## Problem statement
Of the entries that follow, how many lines hold the string "research"? Write the number and nothing more.

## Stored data
^^^^^^^^

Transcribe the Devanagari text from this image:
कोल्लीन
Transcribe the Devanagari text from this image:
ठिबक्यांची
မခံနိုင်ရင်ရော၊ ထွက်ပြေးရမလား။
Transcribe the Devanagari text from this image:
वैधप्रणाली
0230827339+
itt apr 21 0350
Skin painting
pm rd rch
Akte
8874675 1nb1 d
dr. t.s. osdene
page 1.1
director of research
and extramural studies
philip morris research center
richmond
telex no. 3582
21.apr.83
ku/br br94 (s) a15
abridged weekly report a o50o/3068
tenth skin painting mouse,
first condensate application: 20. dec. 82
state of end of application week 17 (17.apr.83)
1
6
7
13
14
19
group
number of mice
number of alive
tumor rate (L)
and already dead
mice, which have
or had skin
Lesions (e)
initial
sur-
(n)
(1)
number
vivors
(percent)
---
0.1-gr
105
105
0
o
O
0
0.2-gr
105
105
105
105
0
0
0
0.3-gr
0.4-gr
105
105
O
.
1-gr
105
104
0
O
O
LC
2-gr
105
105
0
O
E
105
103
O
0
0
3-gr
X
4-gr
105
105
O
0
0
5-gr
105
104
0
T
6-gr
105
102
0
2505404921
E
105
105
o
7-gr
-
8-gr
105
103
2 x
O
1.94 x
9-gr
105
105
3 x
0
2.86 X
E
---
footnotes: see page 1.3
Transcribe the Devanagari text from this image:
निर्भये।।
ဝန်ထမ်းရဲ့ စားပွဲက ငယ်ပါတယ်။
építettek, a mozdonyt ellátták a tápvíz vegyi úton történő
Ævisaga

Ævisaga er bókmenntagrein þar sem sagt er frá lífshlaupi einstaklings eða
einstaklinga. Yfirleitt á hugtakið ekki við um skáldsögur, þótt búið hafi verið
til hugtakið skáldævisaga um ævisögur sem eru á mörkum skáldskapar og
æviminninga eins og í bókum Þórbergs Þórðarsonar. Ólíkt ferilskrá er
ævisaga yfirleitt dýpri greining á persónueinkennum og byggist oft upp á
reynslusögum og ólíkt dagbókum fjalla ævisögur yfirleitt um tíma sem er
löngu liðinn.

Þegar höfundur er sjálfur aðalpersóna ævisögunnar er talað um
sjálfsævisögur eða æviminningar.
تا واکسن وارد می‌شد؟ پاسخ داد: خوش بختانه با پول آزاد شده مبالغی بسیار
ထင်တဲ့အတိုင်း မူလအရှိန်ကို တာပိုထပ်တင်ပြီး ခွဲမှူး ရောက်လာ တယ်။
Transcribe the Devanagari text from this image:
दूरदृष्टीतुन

^^^^^^^^

## Output for this exercise
2